The number of requested imputations depends on the proportion of missing information which, in case-cohort studies, is considerably smaller than the percentage of incompletely observed subjects. Rubin showed that with as much as 40 per cent information missing, M = 5 imputations provides an asymptotic relative efficiency was 0.97, and, with 50 per cent missing information, M = 10 provides an asymptotic relative efficiency of 0.98. Thus, a small number of imputations, 5-10, should suffice [21]. In our analyses, we used 5 imputations to limit the computer time of the simulations, a reasonable choice since the proportion of missing information was always smaller than 30 per cent. However, a slightly larger number of imputations (e.g. 10) could have been performed on the 3C study data at a reasonable time cost; it would have provided a more precise estimate of the between imputation variance and of the percentage of missing information.

The VaD risk increased with D-dimer tertiles.

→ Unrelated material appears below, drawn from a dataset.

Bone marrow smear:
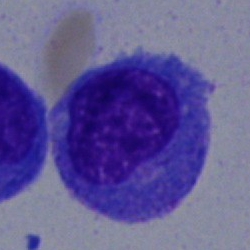Classification — undifferentiated blast.

However, D-dimer inclusion did not significantly improve the predictive ability of the model for VaD risk. Computations of the *C* and IDI index yielded the same conclusion. To our knowledge, no other results concerning the predictive ability of D-dimer on the risk of VaD have been published to date. The risk of CHD did not vary with D-dimer, so, not surprisingly, the predictive ability of this variable was negligible, regardless of the index used. Wang *et al.* [22] and Tzoulaki [23] reported that the use of 10 and 4 biomarkers respectively added only moderately to the overall risk prediction based on conventional cardiovascular risk factors.